Let $A$ be a Noetherian ring, $I=(a_1,\ldots,a_n)$ an ideal of $A$. I want to show that completion of $A$ by $I$ (denote that by $\hat{A}$) is isomorphic to $A[[x_1,\ldots,x_n]]/(x_1-a_1,\ldots,x_n-a_n)$, hence Noetherian (since the formal power series is Noetherian, and so is the quotient).
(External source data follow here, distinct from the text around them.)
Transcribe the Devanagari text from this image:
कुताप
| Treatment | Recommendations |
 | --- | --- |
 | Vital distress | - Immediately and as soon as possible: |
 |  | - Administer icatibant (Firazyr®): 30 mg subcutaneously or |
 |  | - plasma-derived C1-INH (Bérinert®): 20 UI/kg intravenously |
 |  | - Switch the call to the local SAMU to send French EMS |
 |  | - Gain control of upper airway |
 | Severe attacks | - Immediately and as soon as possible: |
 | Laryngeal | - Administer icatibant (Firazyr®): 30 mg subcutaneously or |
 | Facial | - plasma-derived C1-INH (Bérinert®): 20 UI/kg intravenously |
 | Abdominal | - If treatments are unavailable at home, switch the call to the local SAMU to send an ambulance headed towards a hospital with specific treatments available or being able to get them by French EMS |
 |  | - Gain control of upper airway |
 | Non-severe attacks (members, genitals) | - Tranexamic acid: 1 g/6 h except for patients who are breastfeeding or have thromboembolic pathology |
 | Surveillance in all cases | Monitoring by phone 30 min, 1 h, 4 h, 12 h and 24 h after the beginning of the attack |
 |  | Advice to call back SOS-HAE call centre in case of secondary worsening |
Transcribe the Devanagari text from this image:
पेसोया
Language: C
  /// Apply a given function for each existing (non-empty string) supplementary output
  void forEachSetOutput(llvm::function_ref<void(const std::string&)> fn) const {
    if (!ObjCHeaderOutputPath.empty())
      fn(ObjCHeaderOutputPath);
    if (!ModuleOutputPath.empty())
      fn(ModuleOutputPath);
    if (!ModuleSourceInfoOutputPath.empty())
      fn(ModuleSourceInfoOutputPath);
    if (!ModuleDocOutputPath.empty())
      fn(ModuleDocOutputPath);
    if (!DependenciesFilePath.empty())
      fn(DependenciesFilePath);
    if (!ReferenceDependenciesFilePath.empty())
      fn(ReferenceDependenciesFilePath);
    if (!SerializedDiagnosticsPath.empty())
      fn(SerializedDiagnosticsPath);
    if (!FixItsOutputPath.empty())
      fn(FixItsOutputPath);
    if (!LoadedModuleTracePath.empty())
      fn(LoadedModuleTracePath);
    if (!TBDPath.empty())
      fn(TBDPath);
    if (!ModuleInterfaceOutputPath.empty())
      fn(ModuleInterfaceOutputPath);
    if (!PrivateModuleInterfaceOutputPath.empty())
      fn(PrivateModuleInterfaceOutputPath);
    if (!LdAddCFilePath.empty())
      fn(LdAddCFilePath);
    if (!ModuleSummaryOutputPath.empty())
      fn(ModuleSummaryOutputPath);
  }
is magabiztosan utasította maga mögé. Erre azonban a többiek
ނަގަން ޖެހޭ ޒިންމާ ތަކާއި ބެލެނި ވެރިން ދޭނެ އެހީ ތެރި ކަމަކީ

I've seen some different proofs for this (both in Matsumura's Commutative Ring Theory and Atiyah, MacDonalds Introduction to Commutative Algebra), but I want to explicitly show we have a isomorphism $\hat{A}\cong A[[x_1,\ldots,x_n]]/(x_1-a_1,\ldots,x_n-a_n)$. I've been trying to construct a map doing this, but so far without any luck.
This is more or less the proof in Matsumura, Theorem 8.12. Let $\mathfrak{m} := (x_{1},\dotsc,x_{n}) \subset A[x_{1},\dotsc,x_{n}]$ be the ideal. Note that $$ \textstyle \hat{A} = \varprojlim_{\ell \in \mathbb{N}} A/I^{\ell} $$ and $$ \textstyle A[[x_{1},\dotsc,x_{n}]]/(x_{1}-a_{1},\dotsc,x_{n}-a_{n}) \simeq \varprojlim_{\ell \in \mathbb{N}} A[x_{1},\dotsc,x_{n}]/(\mathfrak{m}^{\ell},x_{1}-a_{1},\dotsc,x_{n}-a_{n}) $$ where in the above isomorphism we use that $A$ is Noetherian, show that the $A$-algebra map $$ A[x_{1},\dotsc,x_{n}]/(\mathfrak{m}^{\ell},x_{1}-a_{1},\dotsc,x_{n}-a_{n}) \to A/I^{\ell} $$ sending $x_{i} \mapsto a_{i}$ is an isomorphism, then take projective limit.
The map $\varphi : A[x_{1},\dotsc,x_{n}] \to A/I^{\ell}$ sending $x_{i} \mapsto a_{i}$ is surjective, and $(\mathfrak{m}^{\ell},x_{1}-a_{1},\dotsc,x_{n}-a_{n}) \subseteq \ker \varphi$. Suppose $f(x_{1},\dotsc,x_{n}) \in \ker \varphi$. Reducing modulo $x_{1}-a_{1},\dotsc,x_{n}-a_{n}$, we may assume that $f = a \in A$ is a constant; then $a \in \ker\varphi$ means $a \in I^{\ell}$, namely we can write $a = \sum_{\mathbf{e}} c_{\mathbf{e}}a_{1}^{e_{1}} \dotsb a_{n}^{e_{n}}$ where $\mathbf{e} = (e_{1},\dotsc,e_{n})$ ranges over elements of $(\mathbb{Z}_{\ge 0})^{\oplus n}$ such that $e_{1} + \dotsb + e_{n} = \ell$. Then $a$ is equivalent modulo $x_{1}-a_{1},\dotsc,x_{n}-a_{n}$ to $\sum_{\mathbf{e}} c_{\mathbf{e}}x_{1}^{e_{1}} \dotsb x_{n}^{e_{n}}$, which lies in $\mathfrak{m}^{\ell}$.